**Recorded data:**
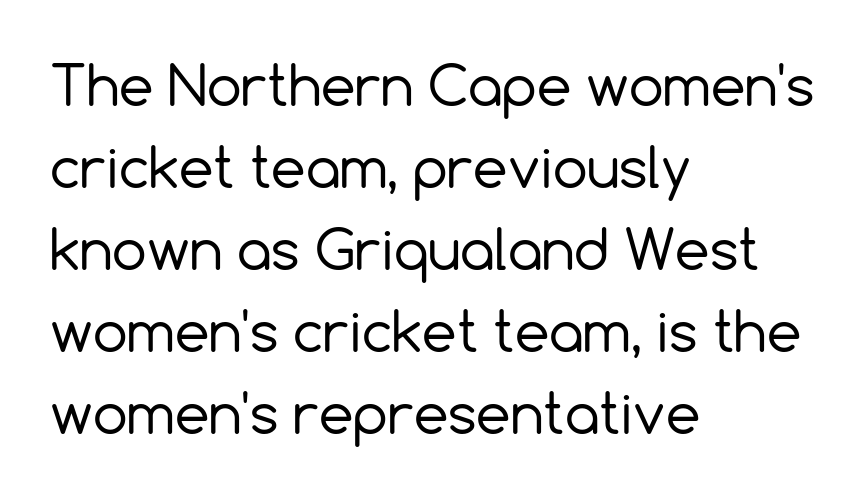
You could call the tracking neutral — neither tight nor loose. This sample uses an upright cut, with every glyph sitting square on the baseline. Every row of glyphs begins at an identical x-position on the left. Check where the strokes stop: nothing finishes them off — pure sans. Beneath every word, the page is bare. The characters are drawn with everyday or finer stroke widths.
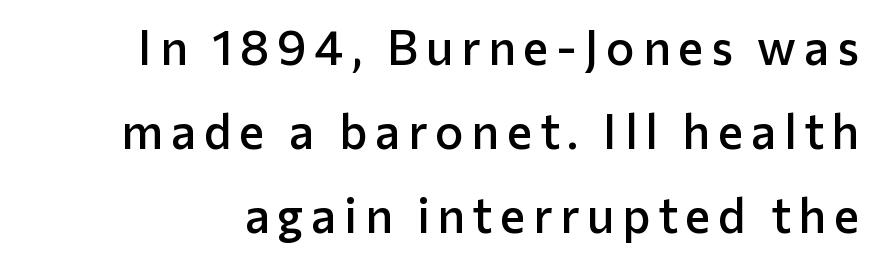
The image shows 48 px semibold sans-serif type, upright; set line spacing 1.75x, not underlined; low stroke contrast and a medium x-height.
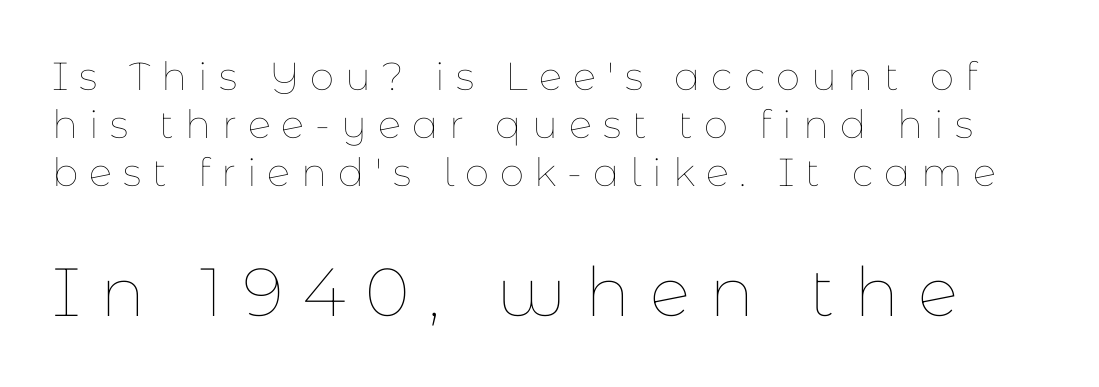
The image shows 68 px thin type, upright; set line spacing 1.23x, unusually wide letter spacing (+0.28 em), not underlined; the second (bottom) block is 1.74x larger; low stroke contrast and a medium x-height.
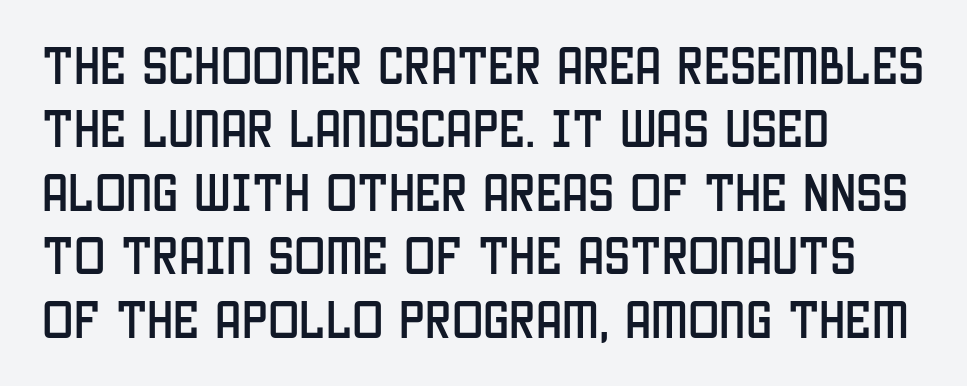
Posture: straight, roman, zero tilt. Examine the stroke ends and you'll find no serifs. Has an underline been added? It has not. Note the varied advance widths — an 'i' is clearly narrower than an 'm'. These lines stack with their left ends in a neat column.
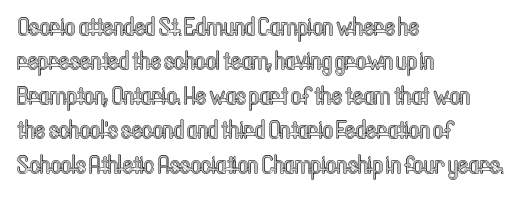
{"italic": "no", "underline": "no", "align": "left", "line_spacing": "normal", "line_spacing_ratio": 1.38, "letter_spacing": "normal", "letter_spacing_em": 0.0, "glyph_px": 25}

---

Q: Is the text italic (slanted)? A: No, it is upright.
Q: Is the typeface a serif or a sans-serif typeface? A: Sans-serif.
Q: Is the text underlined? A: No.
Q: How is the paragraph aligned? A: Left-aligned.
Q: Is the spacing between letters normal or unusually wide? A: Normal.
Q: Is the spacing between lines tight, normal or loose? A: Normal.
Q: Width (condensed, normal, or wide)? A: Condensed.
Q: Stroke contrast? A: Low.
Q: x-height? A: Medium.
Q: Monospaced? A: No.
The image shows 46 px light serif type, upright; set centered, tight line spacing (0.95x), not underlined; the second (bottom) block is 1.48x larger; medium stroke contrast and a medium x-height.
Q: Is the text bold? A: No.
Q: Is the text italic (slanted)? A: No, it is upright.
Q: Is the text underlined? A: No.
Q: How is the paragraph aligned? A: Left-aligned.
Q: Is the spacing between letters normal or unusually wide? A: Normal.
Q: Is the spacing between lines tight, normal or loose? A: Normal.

**Task requirements:**
All lines in the preceding records that hold the word "bottom" need to be copied.

**Answer section:**
The image shows 68 px thin type, upright; set line spacing 1.23x, unusually wide letter spacing (+0.28 em), not underlined; the second (bottom) block is 1.74x larger; low stroke contrast and a medium x-height.
The image shows 46 px light serif type, upright; set centered, tight line spacing (0.95x), not underlined; the second (bottom) block is 1.48x larger; medium stroke contrast and a medium x-height.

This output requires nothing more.